Problem description: Copy out all of the lines below exactly; the pictures do not belong in the copy.

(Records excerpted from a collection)
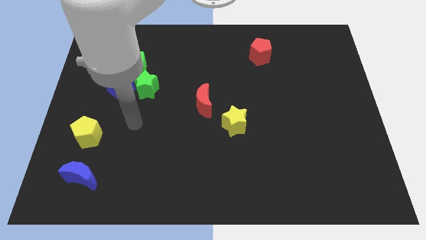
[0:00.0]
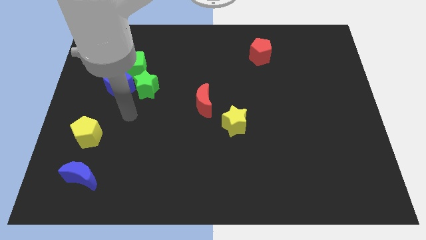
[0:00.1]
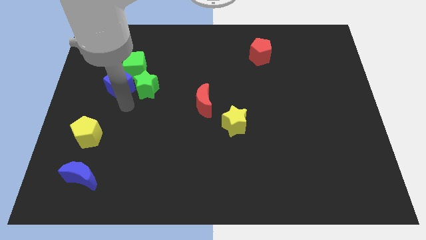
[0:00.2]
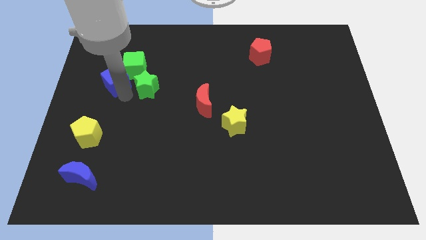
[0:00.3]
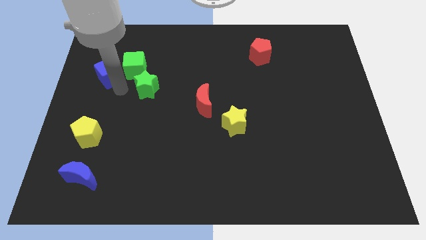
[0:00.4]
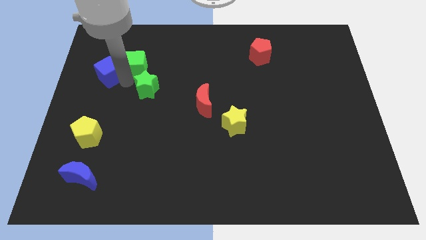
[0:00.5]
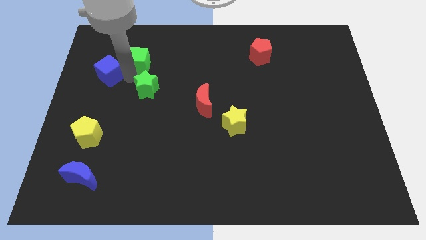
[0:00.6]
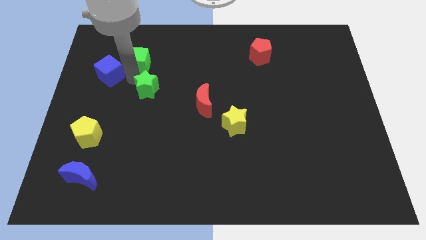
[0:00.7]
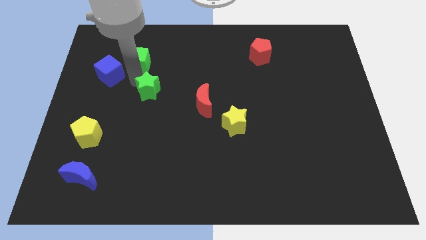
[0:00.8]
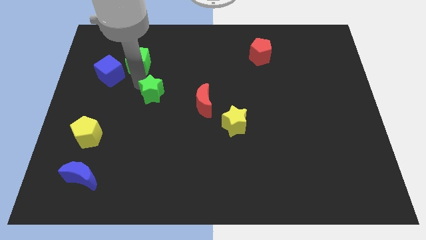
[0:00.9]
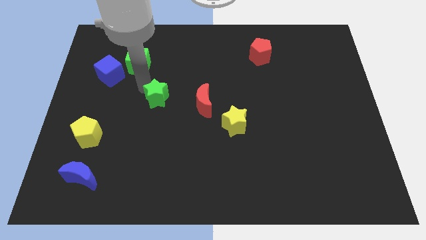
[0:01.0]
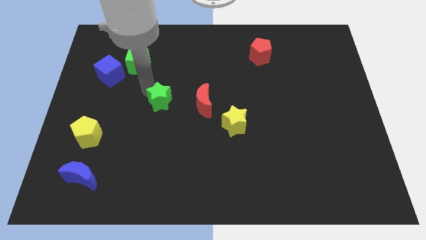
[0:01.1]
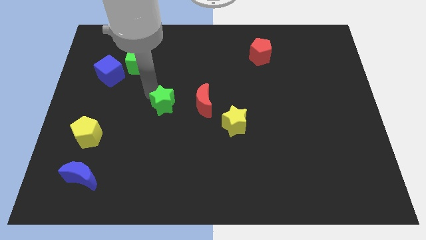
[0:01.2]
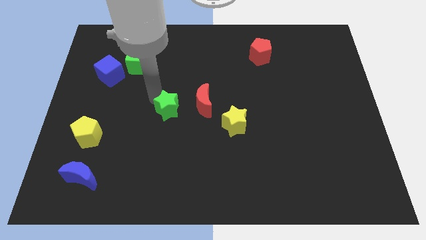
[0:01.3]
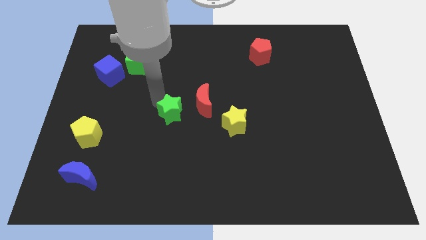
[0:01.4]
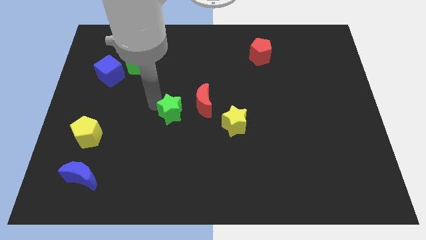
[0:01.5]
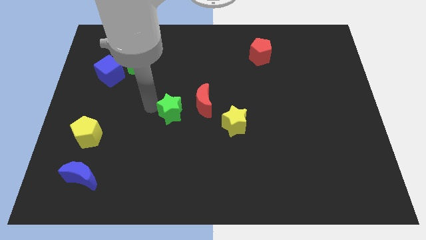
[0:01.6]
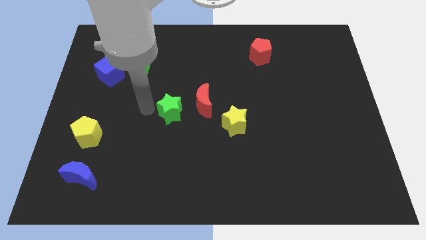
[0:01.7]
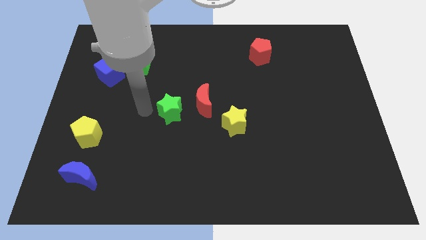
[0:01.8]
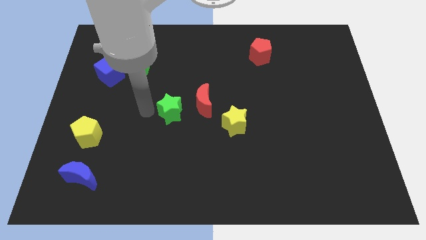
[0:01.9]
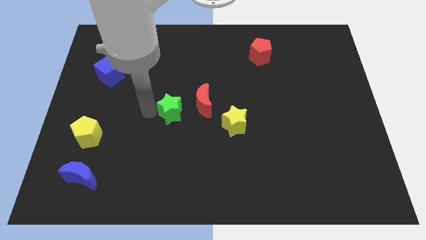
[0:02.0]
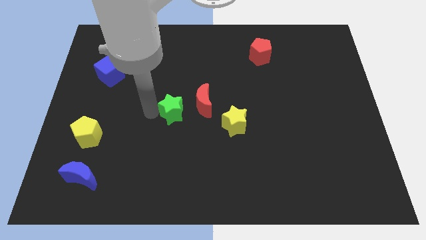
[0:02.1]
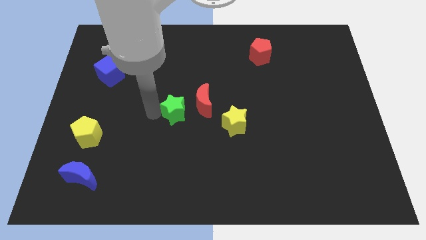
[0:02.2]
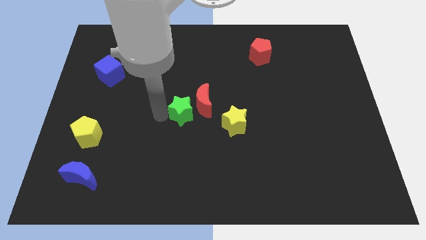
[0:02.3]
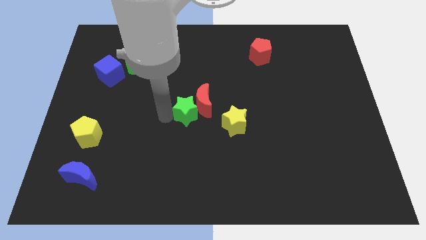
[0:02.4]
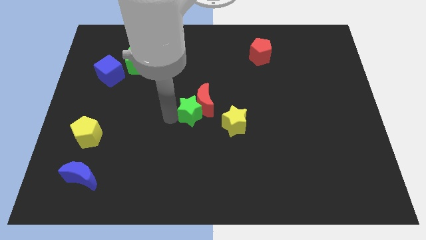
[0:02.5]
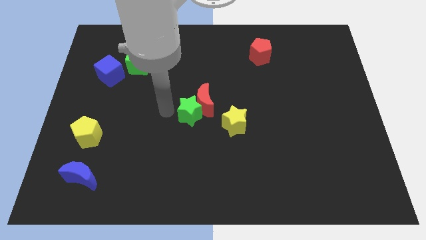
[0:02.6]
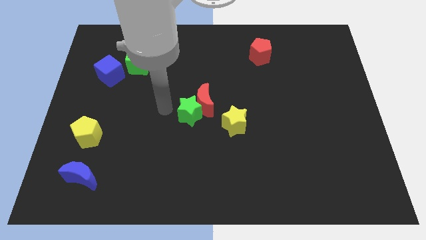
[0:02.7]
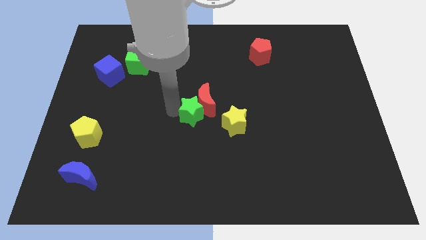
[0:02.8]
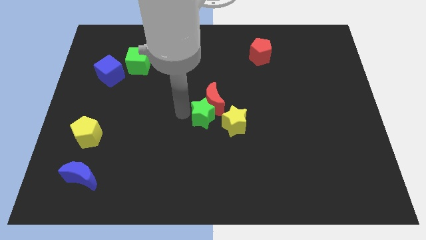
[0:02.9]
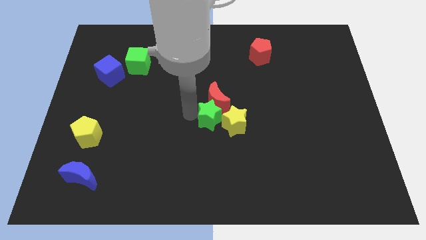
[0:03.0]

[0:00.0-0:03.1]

Task solution:
[0:00.0]
[0:00.1]
[0:00.2]
[0:00.3]
[0:00.4]
[0:00.5]
[0:00.6]
[0:00.7]
[0:00.8]
[0:00.9]
[0:01.0]
[0:01.1]
[0:01.2]
[0:01.3]
[0:01.4]
[0:01.5]
[0:01.6]
[0:01.7]
[0:01.8]
[0:01.9]
[0:02.0]
[0:02.1]
[0:02.2]
[0:02.3]
[0:02.4]
[0:02.5]
[0:02.6]
[0:02.7]
[0:02.8]
[0:02.9]
[0:03.0]

[0:00.0-0:03.1]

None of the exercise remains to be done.